WHAT IS NEEDED: Reproduce every record below exactly, with the pictures left out.

INPUT:
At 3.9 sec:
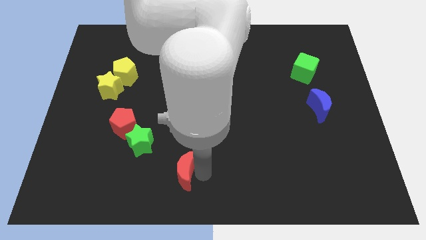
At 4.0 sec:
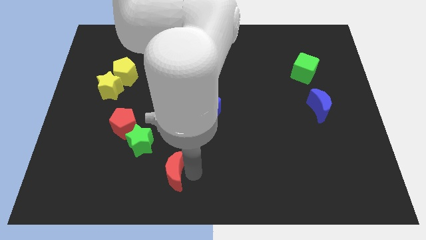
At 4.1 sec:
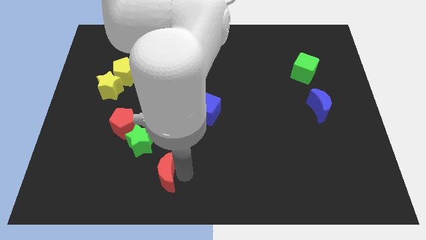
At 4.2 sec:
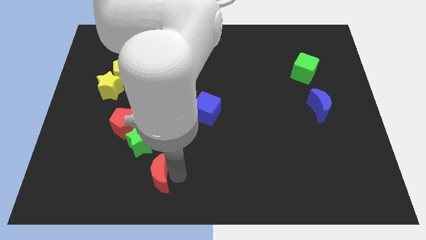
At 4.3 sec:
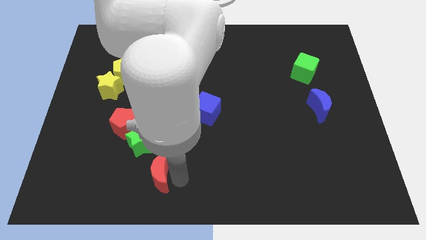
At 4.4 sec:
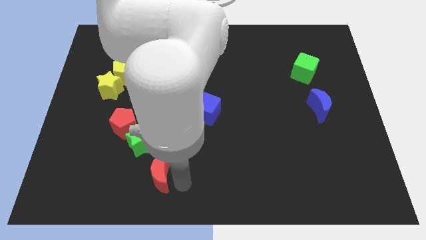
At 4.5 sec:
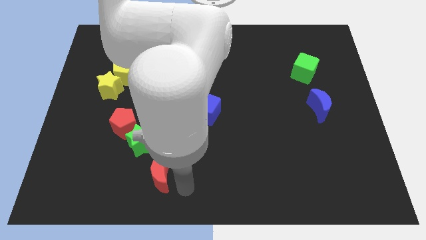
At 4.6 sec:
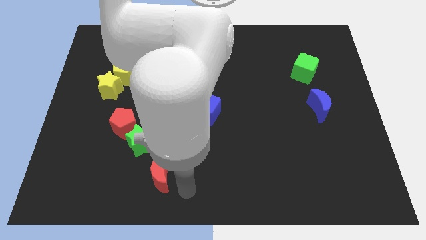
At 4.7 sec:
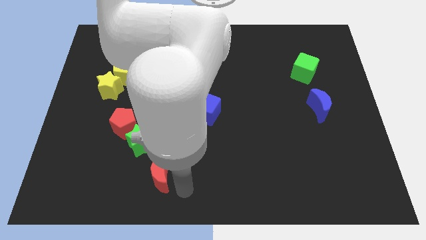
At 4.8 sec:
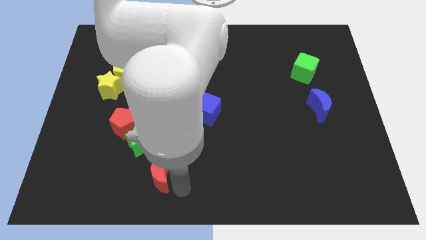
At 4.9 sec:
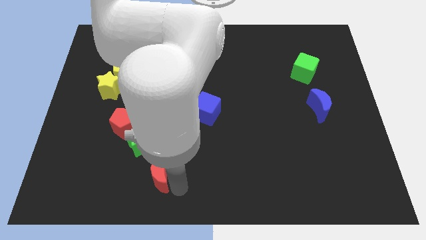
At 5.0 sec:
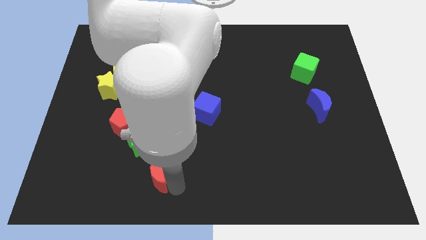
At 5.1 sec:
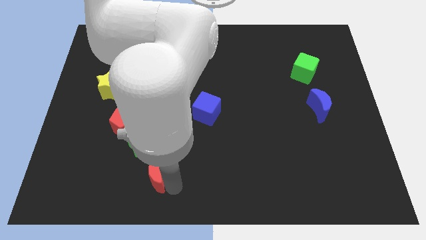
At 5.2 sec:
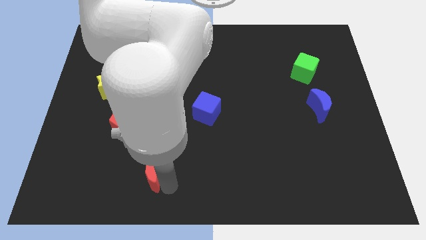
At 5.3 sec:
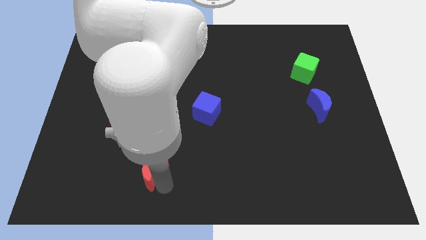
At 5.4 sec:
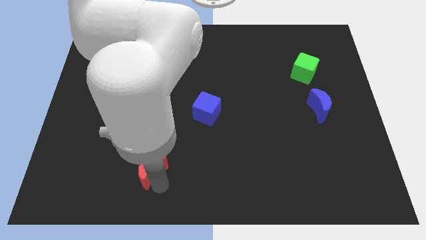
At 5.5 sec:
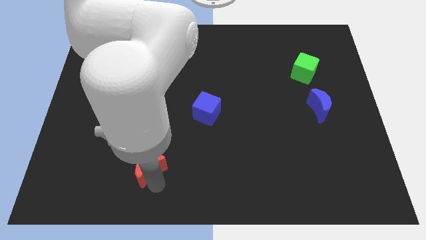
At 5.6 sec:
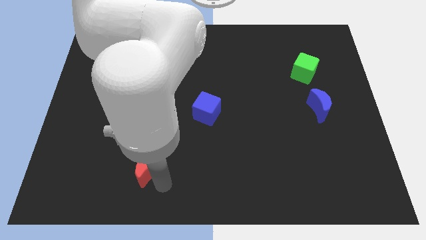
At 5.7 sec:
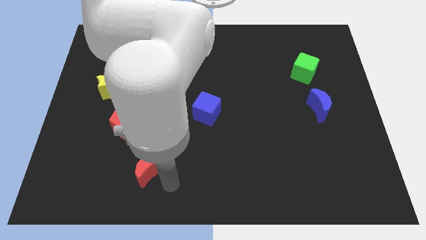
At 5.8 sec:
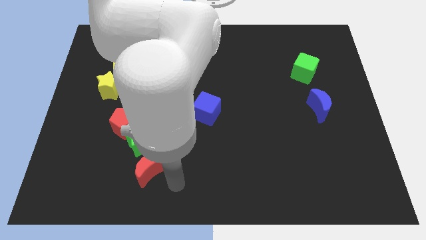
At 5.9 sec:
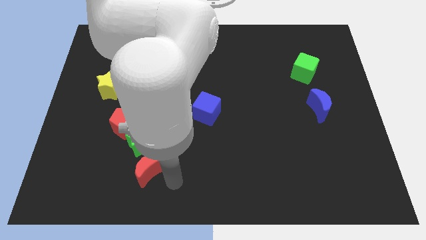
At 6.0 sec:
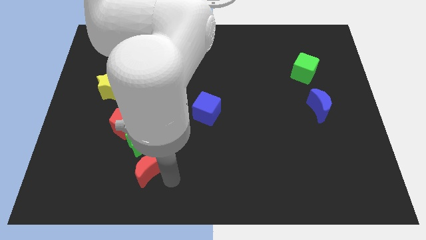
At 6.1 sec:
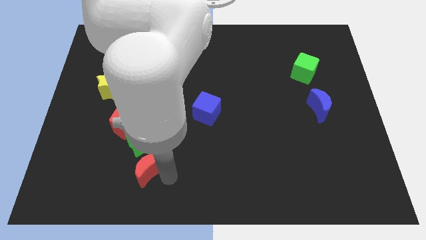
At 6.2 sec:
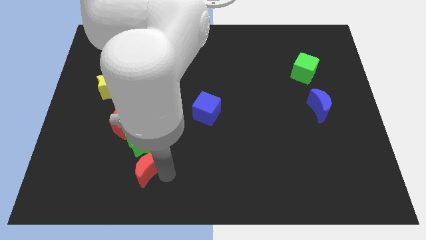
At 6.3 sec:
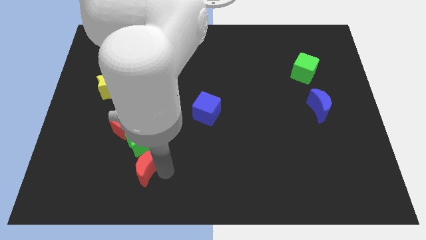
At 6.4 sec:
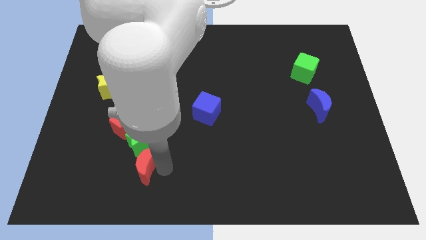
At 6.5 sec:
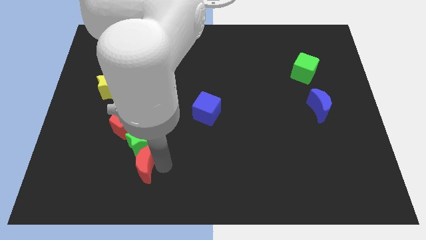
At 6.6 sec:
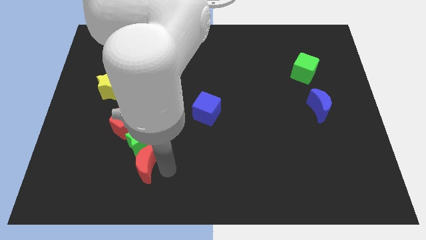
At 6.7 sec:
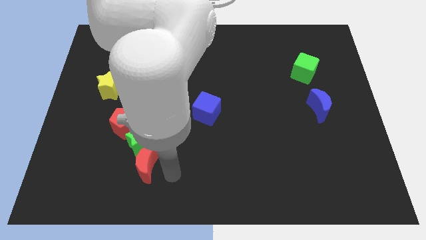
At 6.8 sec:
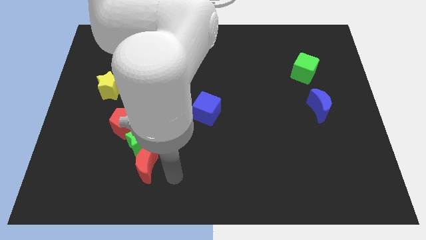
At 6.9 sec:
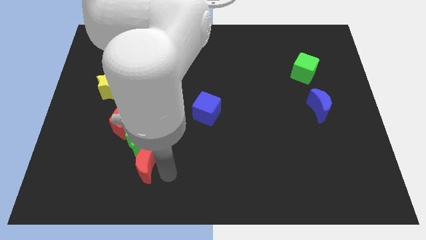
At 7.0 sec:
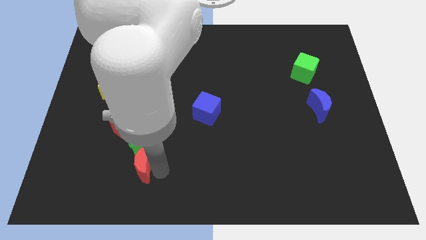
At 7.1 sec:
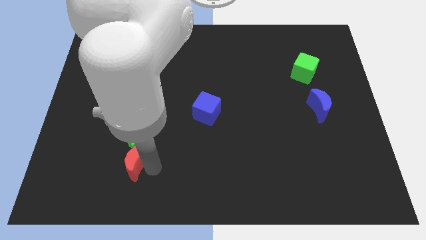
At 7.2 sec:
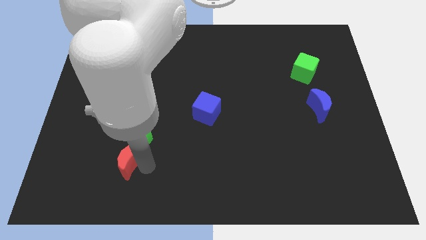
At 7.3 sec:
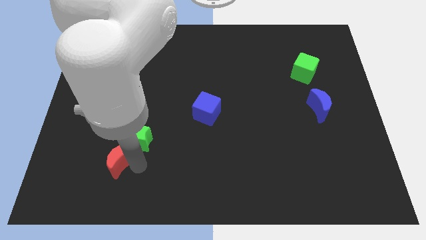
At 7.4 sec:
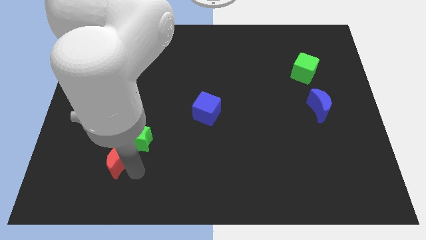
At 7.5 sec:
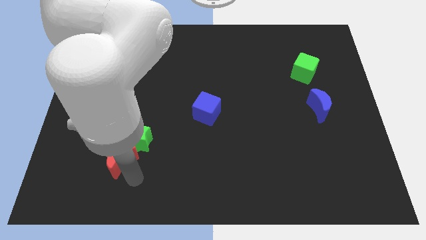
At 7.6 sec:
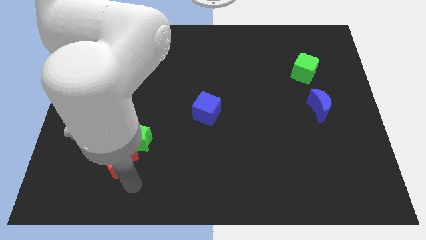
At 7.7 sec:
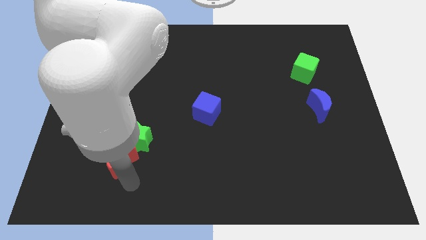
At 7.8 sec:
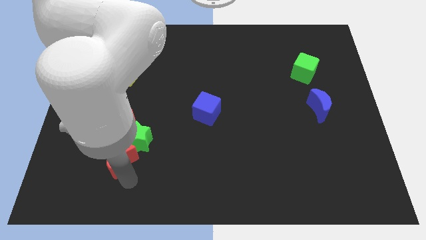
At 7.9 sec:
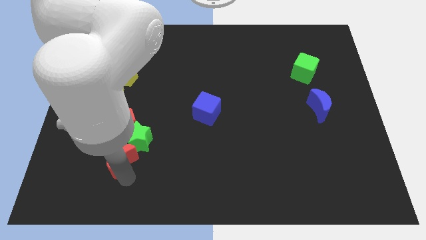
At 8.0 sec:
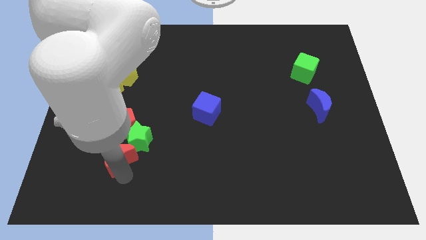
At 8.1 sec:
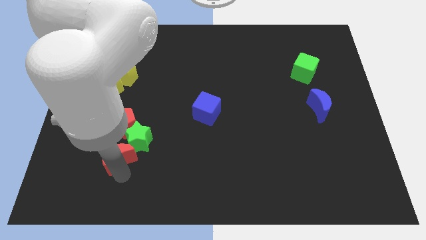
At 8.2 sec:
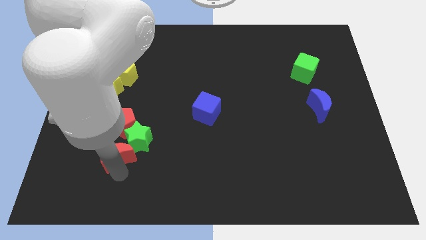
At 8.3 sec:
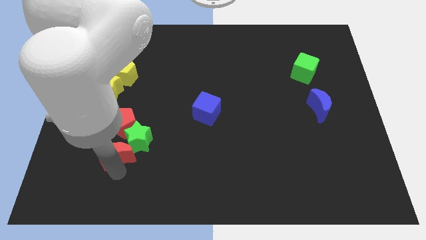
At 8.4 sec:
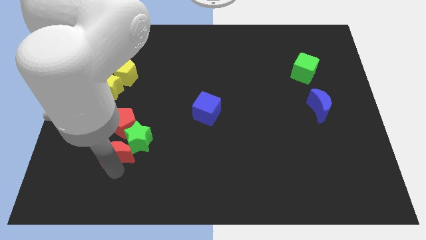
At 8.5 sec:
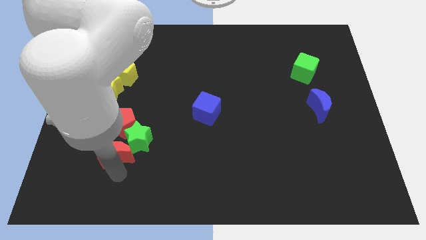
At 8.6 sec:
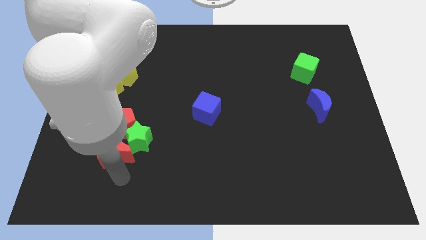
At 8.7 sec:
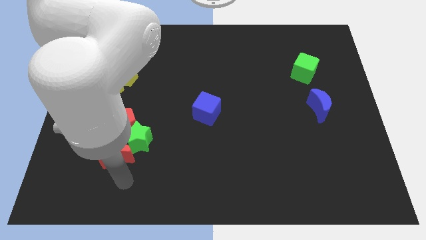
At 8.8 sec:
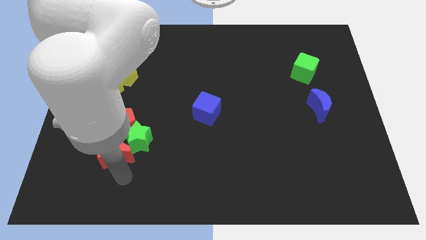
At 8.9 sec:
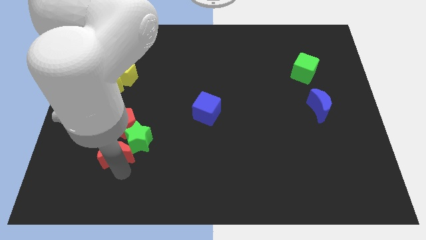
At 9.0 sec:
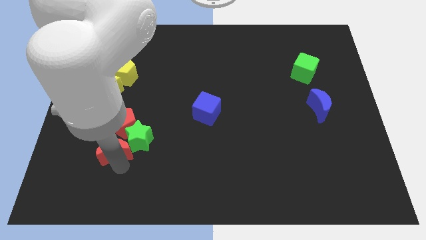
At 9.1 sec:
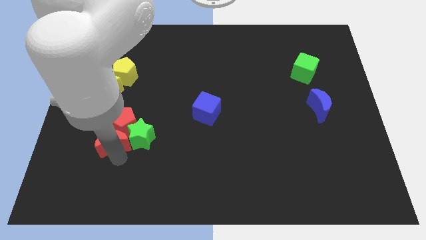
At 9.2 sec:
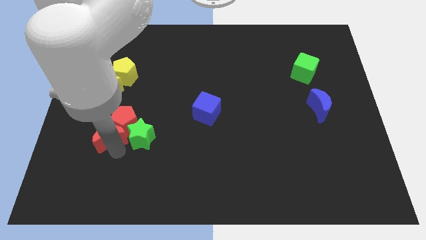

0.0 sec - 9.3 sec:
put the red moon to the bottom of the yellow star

RESPONSE TO THE TASK:
At 3.9 sec:
At 4.0 sec:
At 4.1 sec:
At 4.2 sec:
At 4.3 sec:
At 4.4 sec:
At 4.5 sec:
At 4.6 sec:
At 4.7 sec:
At 4.8 sec:
At 4.9 sec:
At 5.0 sec:
At 5.1 sec:
At 5.2 sec:
At 5.3 sec:
At 5.4 sec:
At 5.5 sec:
At 5.6 sec:
At 5.7 sec:
At 5.8 sec:
At 5.9 sec:
At 6.0 sec:
At 6.1 sec:
At 6.2 sec:
At 6.3 sec:
At 6.4 sec:
At 6.5 sec:
At 6.6 sec:
At 6.7 sec:
At 6.8 sec:
At 6.9 sec:
At 7.0 sec:
At 7.1 sec:
At 7.2 sec:
At 7.3 sec:
At 7.4 sec:
At 7.5 sec:
At 7.6 sec:
At 7.7 sec:
At 7.8 sec:
At 7.9 sec:
At 8.0 sec:
At 8.1 sec:
At 8.2 sec:
At 8.3 sec:
At 8.4 sec:
At 8.5 sec:
At 8.6 sec:
At 8.7 sec:
At 8.8 sec:
At 8.9 sec:
At 9.0 sec:
At 9.1 sec:
At 9.2 sec:

0.0 sec - 9.3 sec:
put the red moon to the bottom of the yellow star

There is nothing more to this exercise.